Figure 2. Differentiation of CEP83^−/− human-induced pluripotent stem cells (hiPSCs) to intermediate mesoderm cells (day 7) is associated with defective ciliogenesis.

(A) The schematic illustrates the applied differentiation protocol of hiPSCs, as previously described by Takasato et al., 2015. (B–C) WT and CEP83^−/− cells on 7 days of culture (D7) of differentiation did not show overt morphological differences by brighfield microscopy. (D–E) Representative images of WT and CEP83^−/− cells on D7, immunostained for acetylated tubulin (green) and nuclei (DAPI, blue), revealing fewer and elongated cilia in CEP83^−/− cells. (F) Quantitative analysis of the percentage of ciliated cells in WT and CEP83^−/− cells (D7). (G) Quantitative analysis of the ciliary length in WT and CEP83^−/− cells (D7). n=3 clones per group. ****p<0.0001. Bar = 50 μm. See Figure 2—figure supplement 1.

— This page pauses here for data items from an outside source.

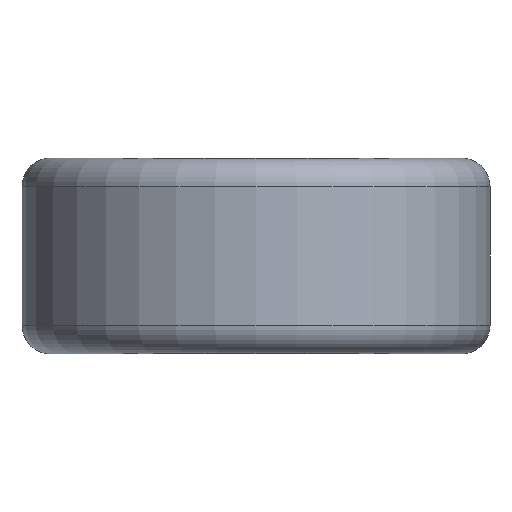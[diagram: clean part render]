
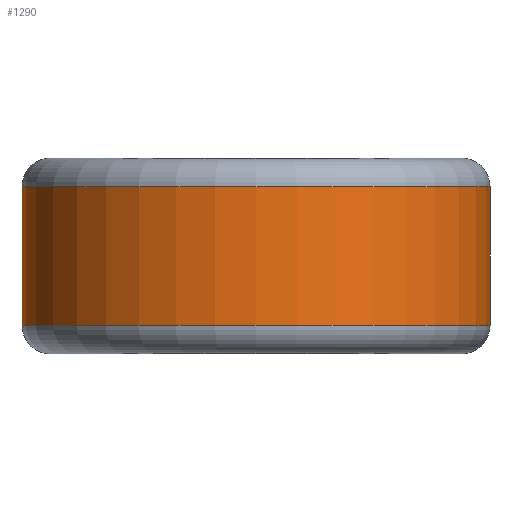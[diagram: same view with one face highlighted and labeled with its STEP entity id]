
A CAD part, front view. The second image highlights one B-rep face of the part: STEP entity #1290.
In plain terms, the highlighted cylindrical face has radius 8.25 mm (diameter 16.5 mm), a partial arc.
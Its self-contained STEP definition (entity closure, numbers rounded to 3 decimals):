
#123=DIRECTION('',(0.,0.,1.));
#124=VECTOR('',#123,4.9);
#125=CARTESIAN_POINT('',(8.25,0.,1.));
#126=LINE('',#125,#124);
#427=CARTESIAN_POINT('',(0.,0.,5.9));
#428=DIRECTION('',(0.,0.,1.));
#429=DIRECTION('',(-1.,0.,0.));
#430=AXIS2_PLACEMENT_3D('',#427,#428,#429);
#432=CARTESIAN_POINT('',(0.,0.,1.));
#433=DIRECTION('',(0.,0.,-1.));
#434=DIRECTION('',(1.,0.,0.));
#435=AXIS2_PLACEMENT_3D('',#432,#433,#434);
#437=DIRECTION('',(0.,0.,1.));
#438=VECTOR('',#437,4.9);
#439=CARTESIAN_POINT('',(-8.25,0.,1.));
#440=LINE('',#439,#438);
#493=CARTESIAN_POINT('',(-8.25,0.,5.9));
#494=CARTESIAN_POINT('',(8.25,0.,5.9));
#495=VERTEX_POINT('',#493);
#496=VERTEX_POINT('',#494);
#501=CARTESIAN_POINT('',(8.25,0.,1.));
#502=CARTESIAN_POINT('',(-8.25,0.,1.));
#503=VERTEX_POINT('',#501);
#504=VERTEX_POINT('',#502);
#1279=CARTESIAN_POINT('',(0.,0.,0.));
#1280=DIRECTION('',(0.,0.,1.));
#1281=DIRECTION('',(1.,0.,0.));
#1282=AXIS2_PLACEMENT_3D('',#1279,#1280,#1281);
#1283=CYLINDRICAL_SURFACE('',#1282,8.25);
#1284=ORIENTED_EDGE('',*,*,#1273,.T.);
#1285=ORIENTED_EDGE('',*,*,#555,.F.);
#1286=ORIENTED_EDGE('',*,*,#525,.T.);
#1287=ORIENTED_EDGE('',*,*,#552,.T.);
#1288=EDGE_LOOP('',(#1284,#1285,#1286,#1287));
#1289=FACE_OUTER_BOUND('',#1288,.F.);
#431=CIRCLE('',#430,8.25);
#436=CIRCLE('',#435,8.25);
#525=EDGE_CURVE('',#503,#504,#436,.T.);
#552=EDGE_CURVE('',#504,#495,#440,.T.);
#555=EDGE_CURVE('',#503,#496,#126,.T.);
#1273=EDGE_CURVE('',#495,#496,#431,.T.);
#1290=ADVANCED_FACE('',(#1289),#1283,.T.);

Figure 2—figure supplement 1. Loss of CEP83 in organoids results in defective ciliogenesis.

(A) Immunofluorescence staining of wildtype (WT) and CEP83^−/− organoids for acetylated tubulin (green), CEP83 protein (red), and nuclear staining 4',6-diamidino-2-phenylindole dihydrochloride (DAPI). Note CEP83 localization at the base of the cilium in WT organoids. (B) Quantitative analysis of ciliated cells showing downregulation of the number of ciliated cells in CEP83^−/− organoids, associated with longer cilium formation (C). n=3 clones per group. Data are mean ± SD. ****p<0.0001. Panel A–B: Bar = 50 μm.